◆ **Records provided**:
____
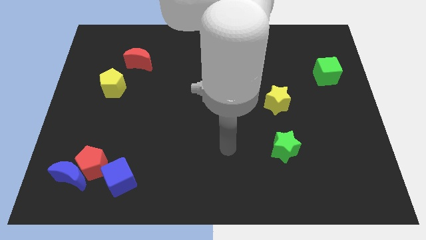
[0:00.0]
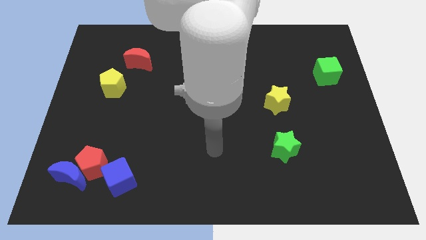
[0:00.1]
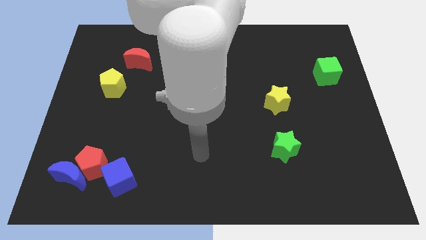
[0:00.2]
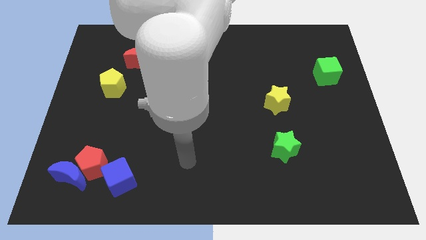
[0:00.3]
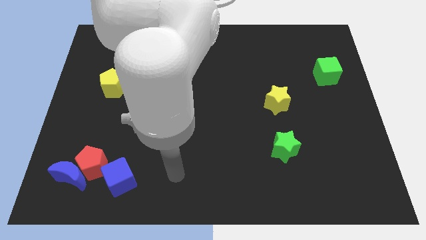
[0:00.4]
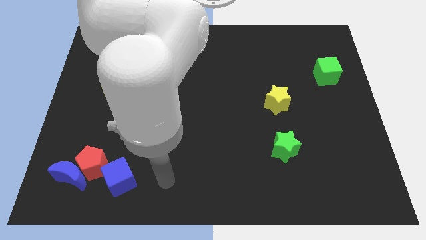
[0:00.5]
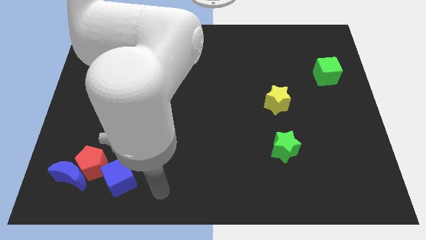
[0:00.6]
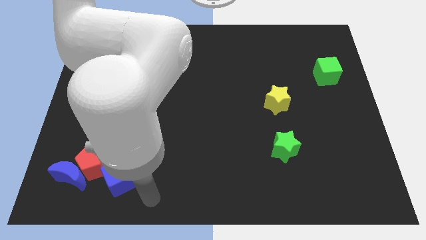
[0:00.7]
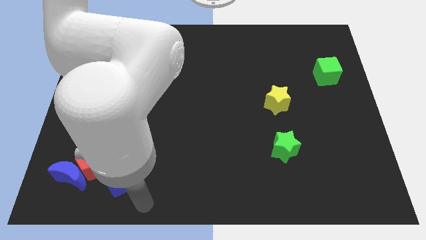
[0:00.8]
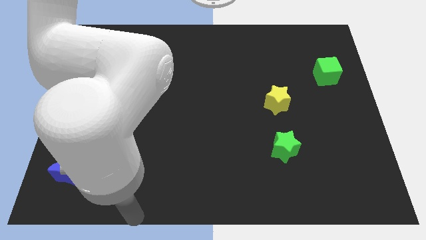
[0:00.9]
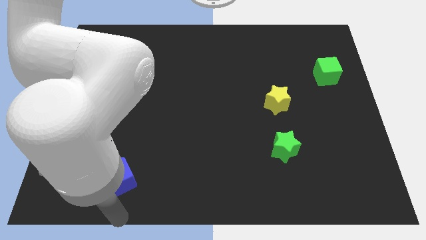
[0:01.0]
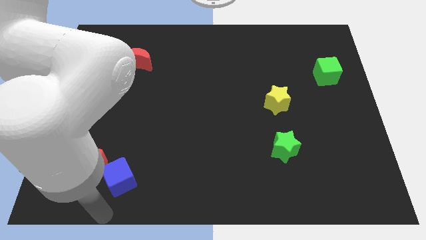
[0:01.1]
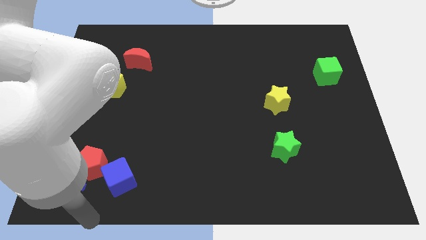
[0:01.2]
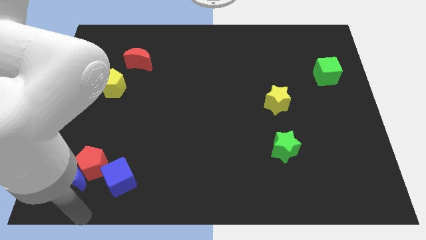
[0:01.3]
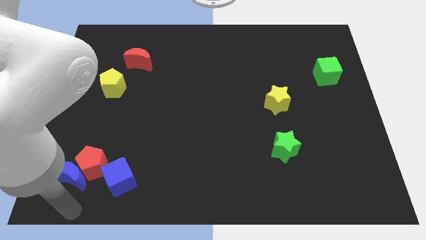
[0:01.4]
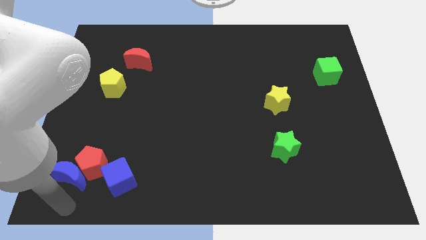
____
◆ **Exercise**: An exact copy of each entry is required, minus the pictures.

◆ **Exercise result**:
[0:00.0]
[0:00.1]
[0:00.2]
[0:00.3]
[0:00.4]
[0:00.5]
[0:00.6]
[0:00.7]
[0:00.8]
[0:00.9]
[0:01.0]
[0:01.1]
[0:01.2]
[0:01.3]
[0:01.4]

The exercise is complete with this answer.